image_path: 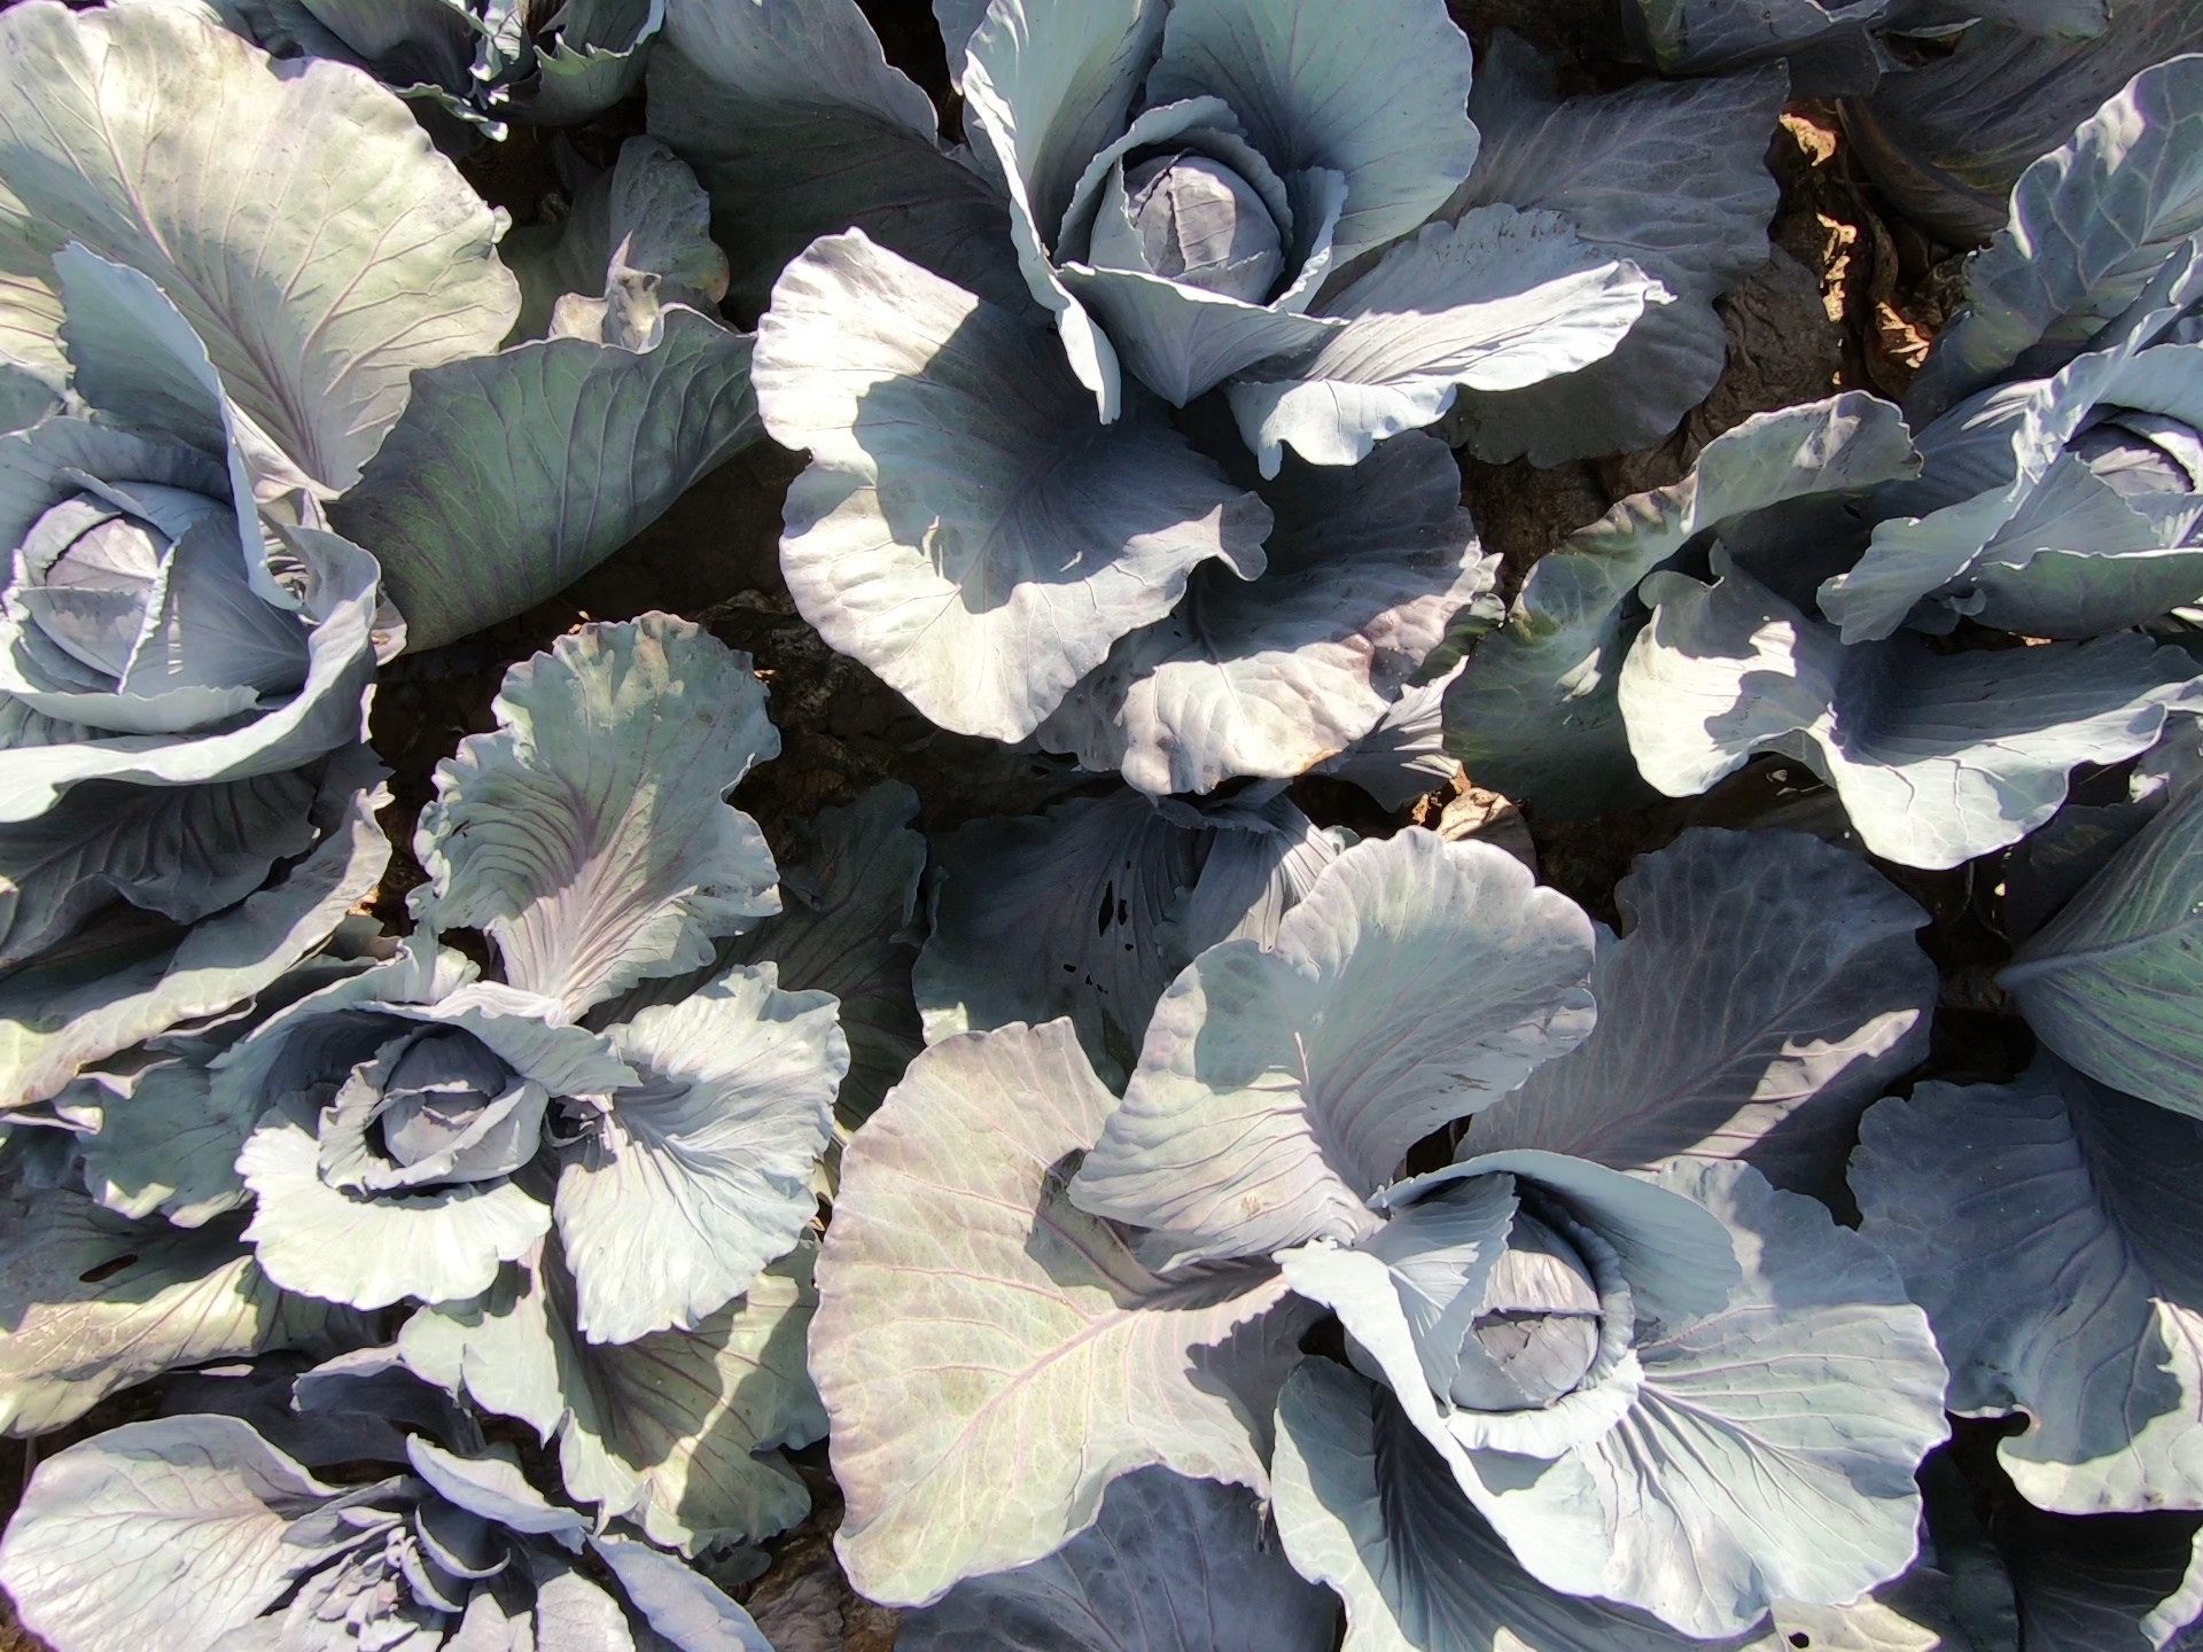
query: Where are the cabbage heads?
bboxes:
[1105,159,1282,344]
[24,485,275,678]
[379,1035,526,1171]
[1979,389,2201,585]
[1381,1197,1604,1416]
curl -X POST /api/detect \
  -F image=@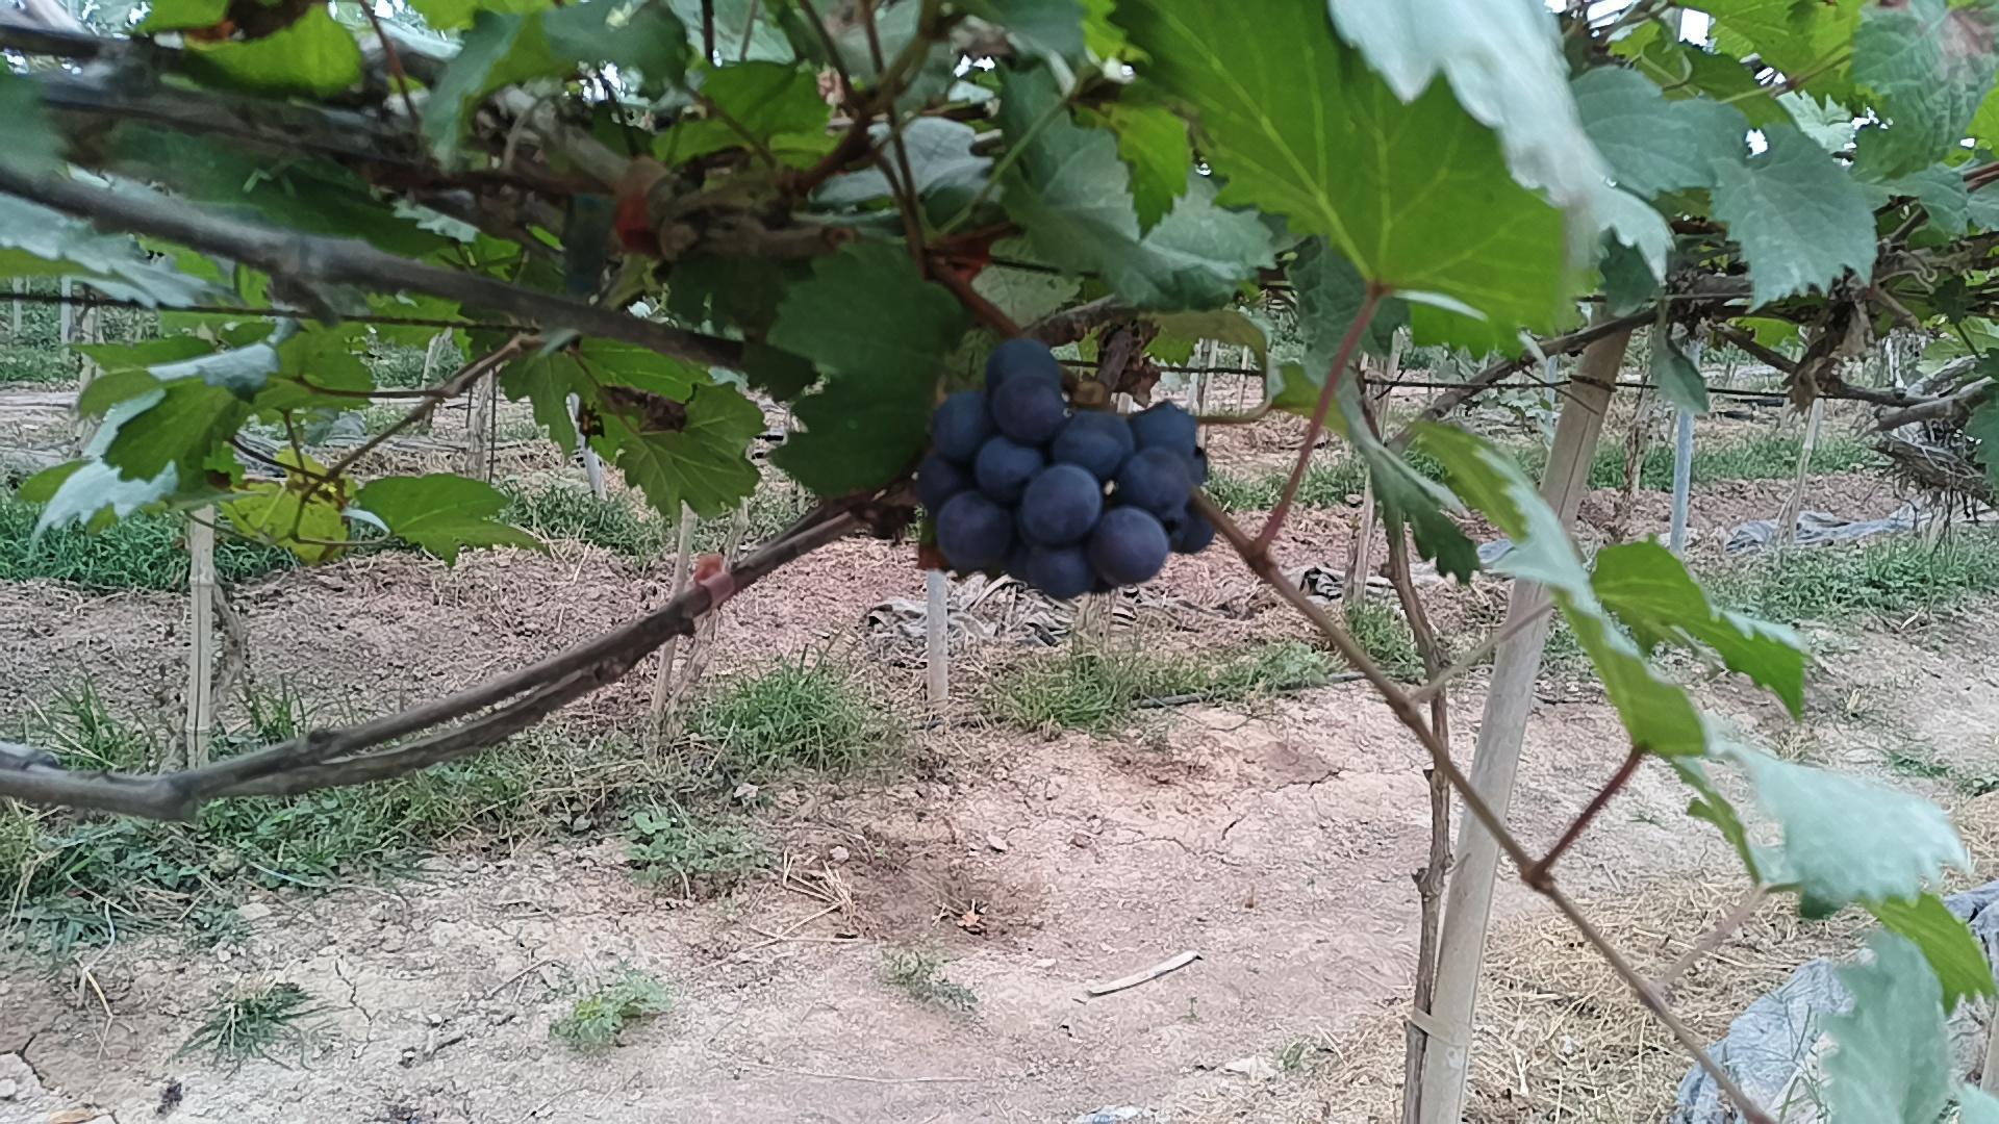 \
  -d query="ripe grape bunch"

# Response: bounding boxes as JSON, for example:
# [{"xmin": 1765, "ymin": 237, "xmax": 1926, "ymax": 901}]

• EXERCISE REQUIREMENTS
Each line of the data that includes "query" should be copied.

• PROBLEM SOLUTION
query: Where are the cabbage heads?
  -d query="ripe grape bunch"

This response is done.